13. The claim 1 wherein each stored log entry contains the unique identifier read for the web serving request represented by the stored log entry, further comprising: receiving a request to process a subset of the plurality of logs; in response to receiving the request to process, for each of the subset of the plurality of logs: reading the log entries stored in the log into a vector; sorting the vector based upon the unique identifier of each entry; and traversing the sorted vector, analyzing entries representing web serving requests originated by each originator in turn.

14. The method of claim 11 wherein a sorted version of the log is produced by sorting the log.

15. The method of claim 11 wherein a sorted version of the log is produced by extracting from the log the entries contained by the log, then sorting the extracted entries.

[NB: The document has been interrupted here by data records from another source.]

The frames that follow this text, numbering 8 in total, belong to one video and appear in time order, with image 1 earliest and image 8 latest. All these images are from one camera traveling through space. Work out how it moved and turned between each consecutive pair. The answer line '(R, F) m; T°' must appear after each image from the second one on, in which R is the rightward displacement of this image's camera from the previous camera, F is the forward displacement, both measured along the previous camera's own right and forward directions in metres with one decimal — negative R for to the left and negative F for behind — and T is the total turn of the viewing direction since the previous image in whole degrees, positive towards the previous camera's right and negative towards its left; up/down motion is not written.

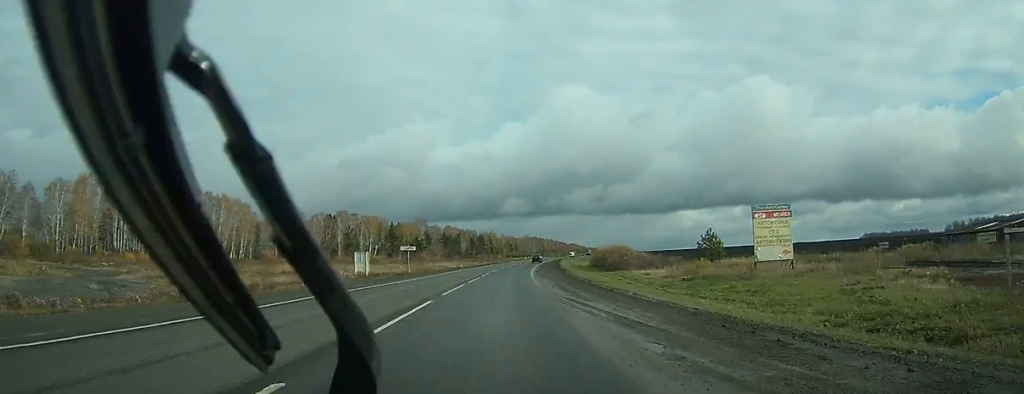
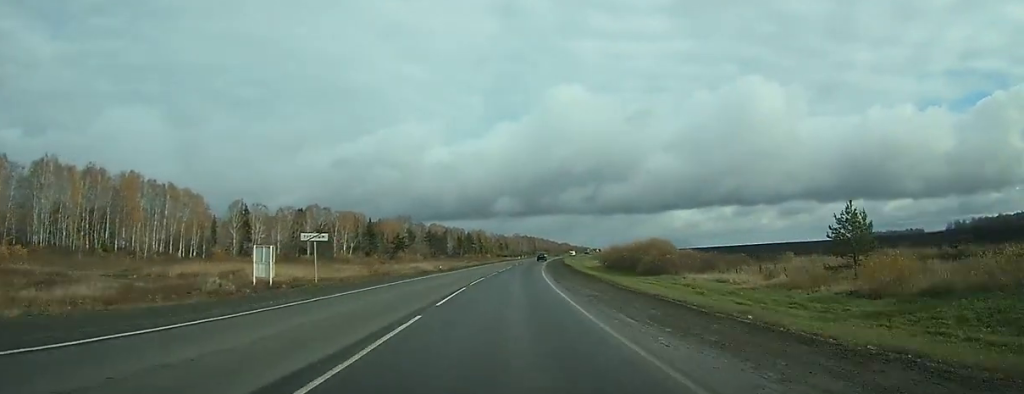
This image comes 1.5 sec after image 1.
(-0.4, +29.3) m; 0°
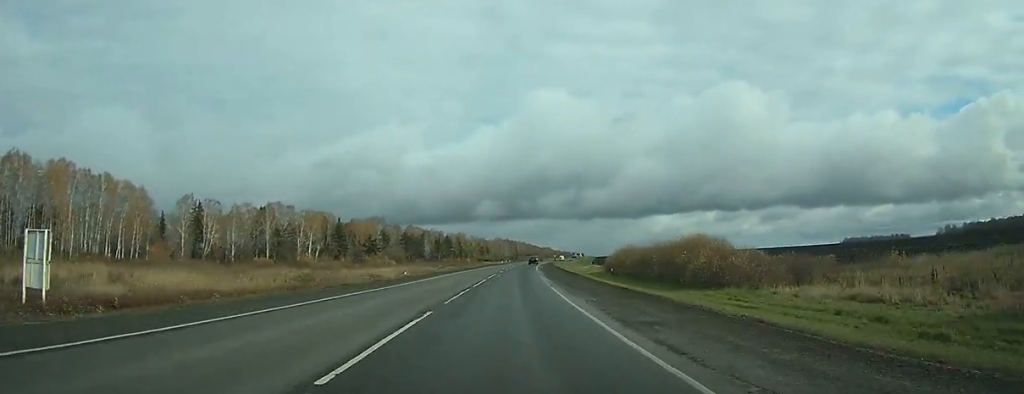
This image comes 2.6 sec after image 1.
(-0.1, +22.5) m; +1°
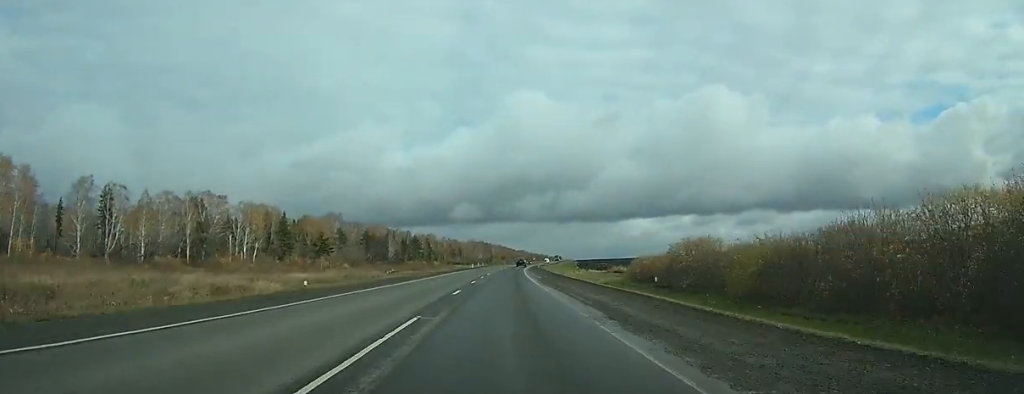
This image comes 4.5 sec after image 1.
(+0.3, +39.5) m; +2°
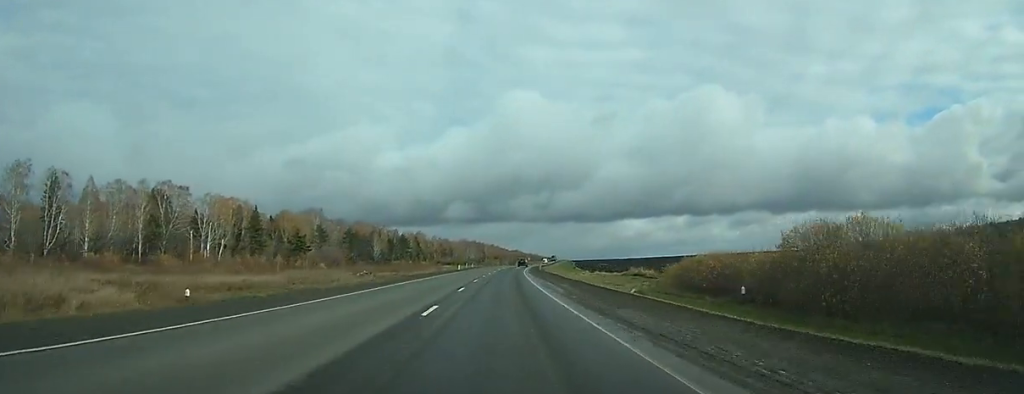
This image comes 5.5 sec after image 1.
(+0.5, +21.3) m; +2°
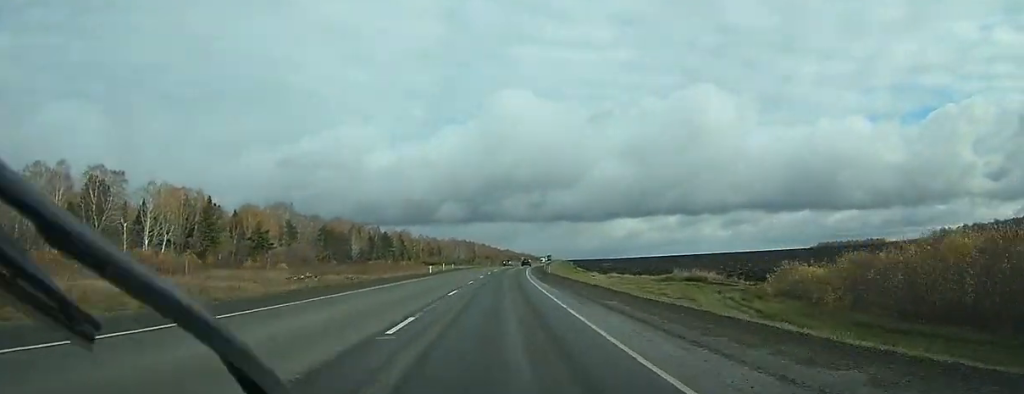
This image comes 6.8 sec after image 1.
(+0.4, +28.4) m; +2°
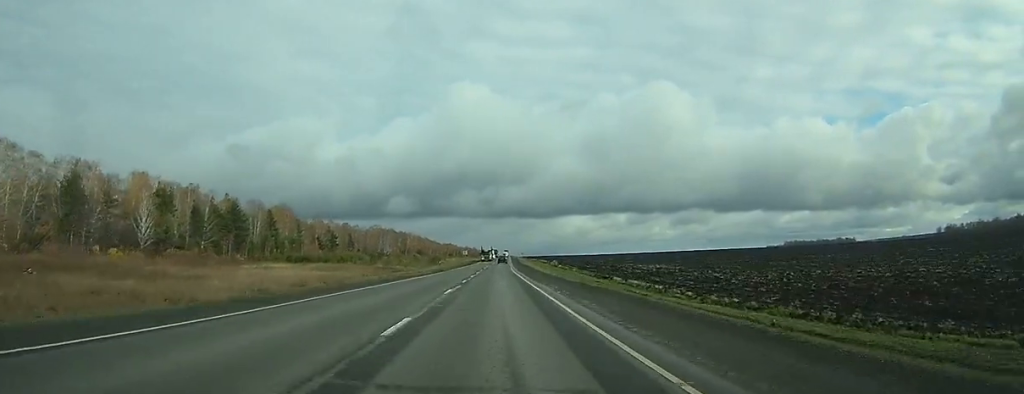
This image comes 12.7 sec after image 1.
(+8.8, +127.4) m; +6°
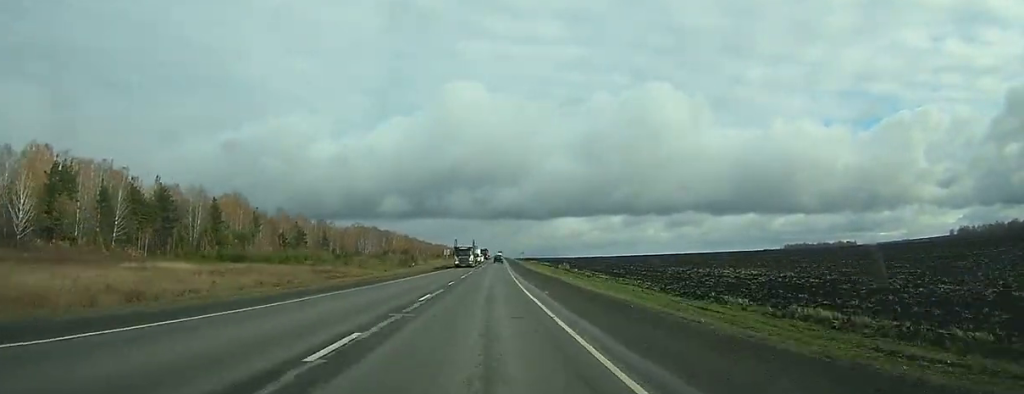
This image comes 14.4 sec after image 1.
(+0.1, +40.6) m; +1°

16. A computer-readable medium whose contents cause a computing system to processing web serving requests by: receiving a plurality of web serving requests, each web serving request containing a unique identifier identifying an originator of the request; for each received web serving request: applying to the unique identifier contained by the request a mapping from unique identifiers to logs to identify a single log among a plurality of logs that is mapped to from the contained unique identifier; and saving a log entry representing the web serving request in the identified log.

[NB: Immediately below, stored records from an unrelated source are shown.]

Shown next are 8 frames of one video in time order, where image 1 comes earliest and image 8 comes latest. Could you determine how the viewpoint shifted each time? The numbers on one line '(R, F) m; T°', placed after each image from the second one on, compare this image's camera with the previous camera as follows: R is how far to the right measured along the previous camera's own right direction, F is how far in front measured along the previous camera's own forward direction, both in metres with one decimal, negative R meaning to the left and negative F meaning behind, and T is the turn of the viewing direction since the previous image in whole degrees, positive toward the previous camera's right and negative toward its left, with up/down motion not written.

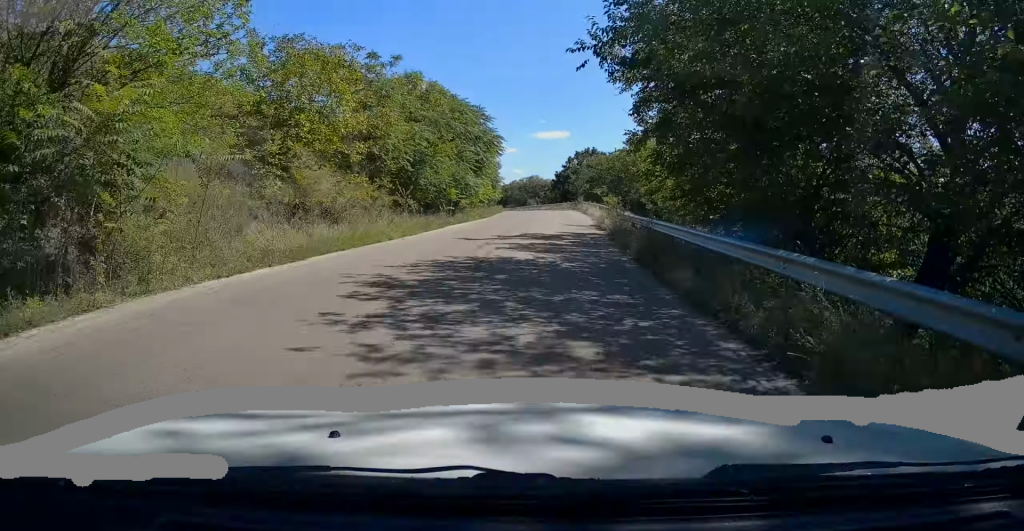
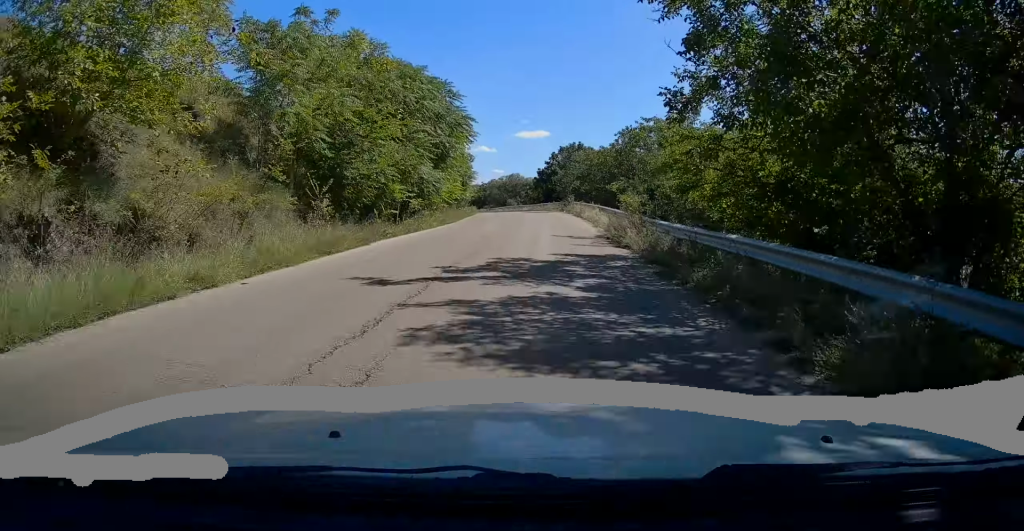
(+0.4, +9.3) m; +2°
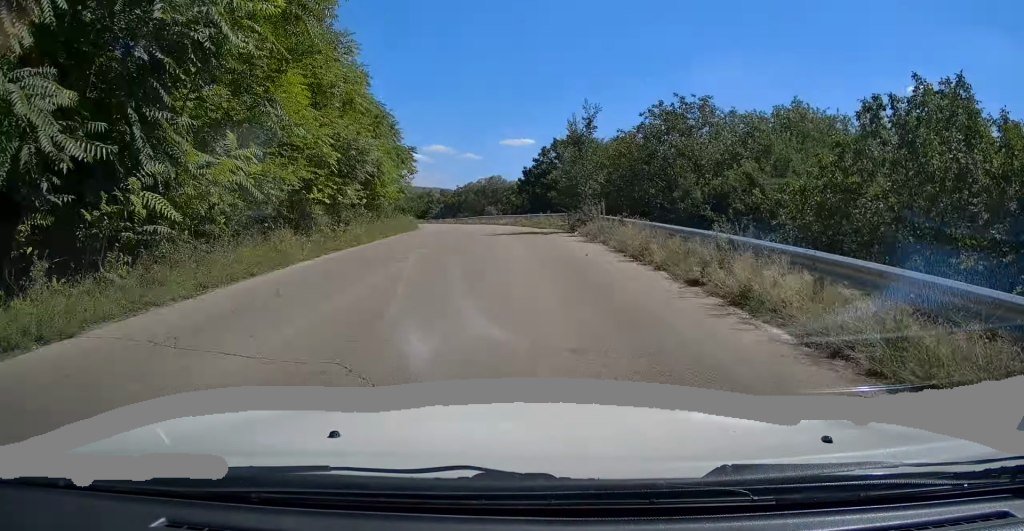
(+0.8, +23.1) m; +1°
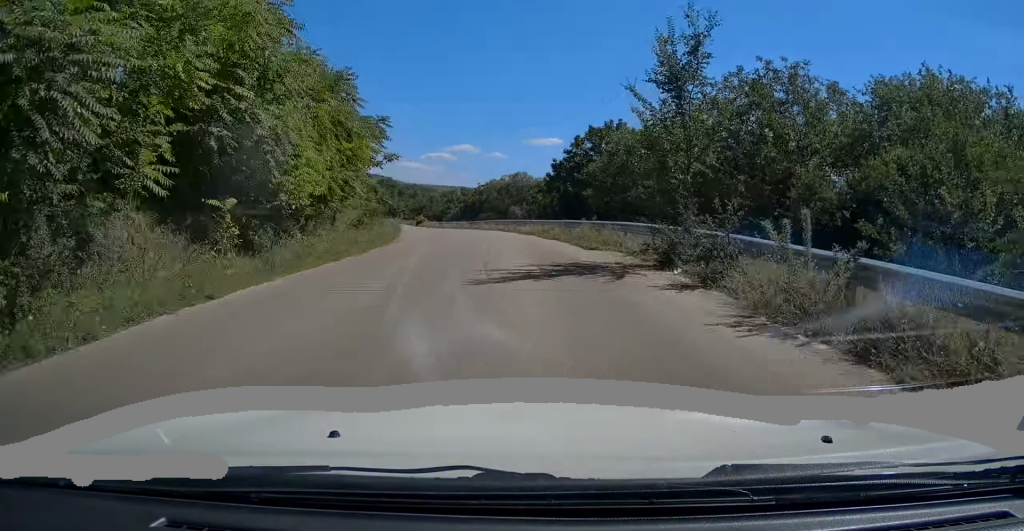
(0.0, +12.4) m; -2°
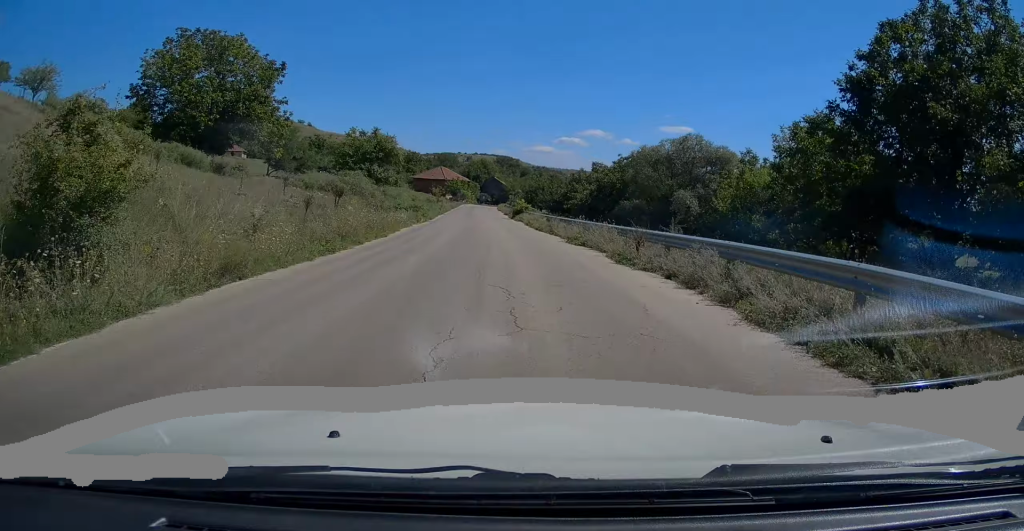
(-3.1, +39.3) m; -9°
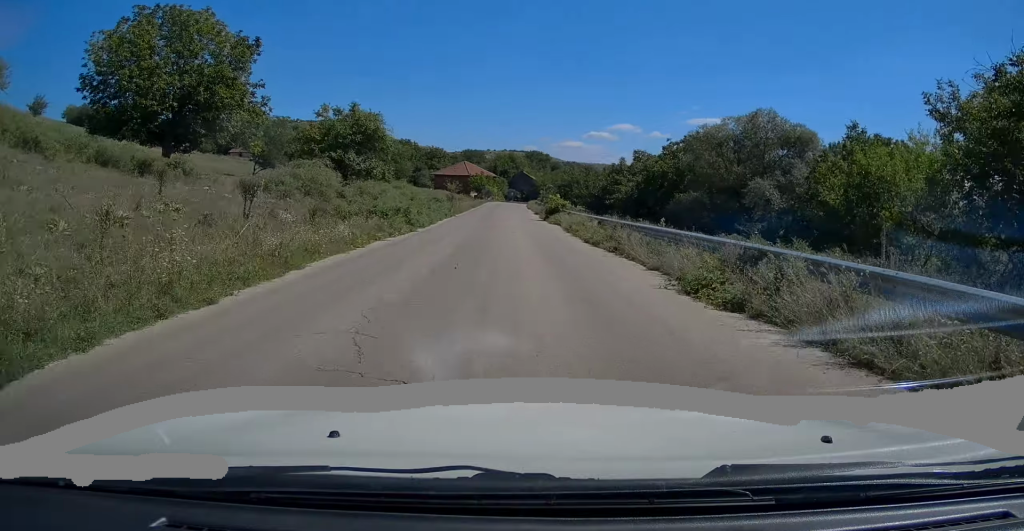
(-0.1, +12.4) m; -3°
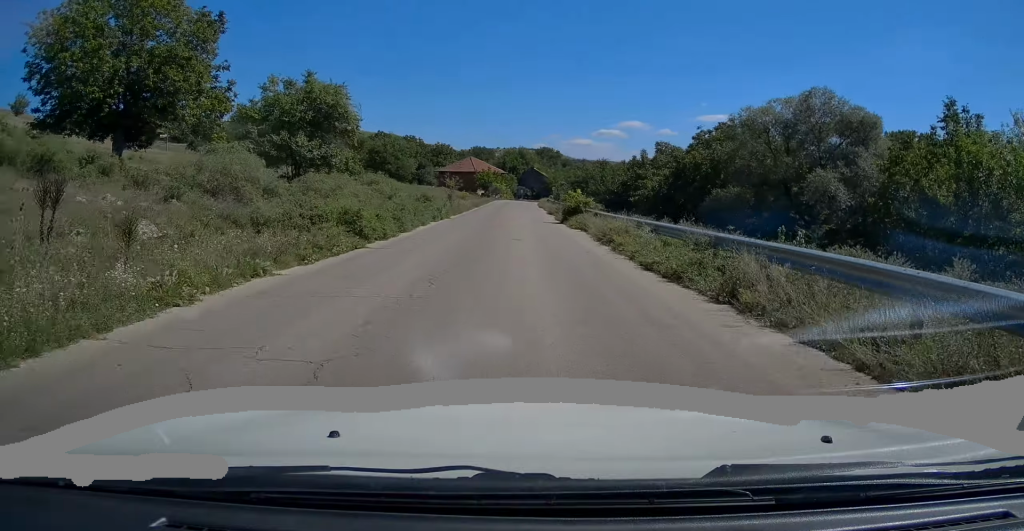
(-0.3, +8.4) m; -1°
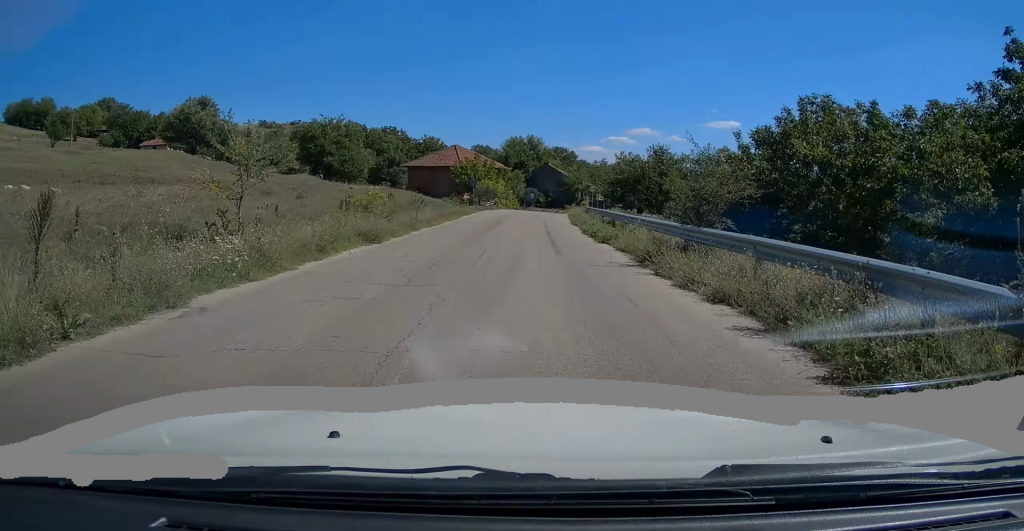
(-0.8, +40.1) m; -1°

17. A computing system for processing log entries, comprising: a web server that receives a plurality of web serving requests, each web serving request containing a unique identifier identifying an originator of the request; a logging subsystem that, for each received web serving request: applies to the unique identifier contained by the request a mapping from unique identifiers to logs to identify a single log among a plurality of logs that is mapped to from the contained unique identifier; and records a log entry representing the web serving request in the identified log.

18. The computing system of claim 17, further comprising: an analysis request receiver for receiving request to perform log analysis, each analysis request implicating one or more of the plurality of logs; and for each log implicated by a received analysis request, a separate processor for performing on the log analysis specified by the received analysis request.

19. One or more computer memories that collectively contain a transaction logging data structure representing a plurality of transactions, each transaction having an originator among a domain of originators and a time among a domain of times, the data structure comprising a plurality of differentiated stores, each store containing transaction records representing transactions whose originators are within a range of originators associated with the store and whose times are within a range of times associated with the store, such that all of the transaction records for representing transactions originated by each originator are contained by a minority of the stores.

20. The computer memories of claim 19 wherein each transaction is of one of a plurality of types, and wherein the transaction records contained by each store represent transactions each of one of a proper subset of the plurality of types that is associated with the store.

21. The computer memories of claim 19 wherein each transaction record contained by a store represents a web serving transaction.

22. A method in a computer system for managing web server logs, comprising: for each of a plurality of web hits, generating a new binary log entry containing information about the web hit; and for each new log entry, selecting one of a plurality of logs to which to add the new log entry; and adding the new log entry to the selected log.

23. The method of claim 22 wherein the log entries are ordered chronologically.

24. The method of claim 22 wherein the log files are not the subject of an index.

25. The method of claim 22, further comprising, before adding the new log entry to the selected log, compressing the new log entry.

26. The method of claim 22 wherein a LEMPEL-ZIV- OBERHUMER compression technique is utilized.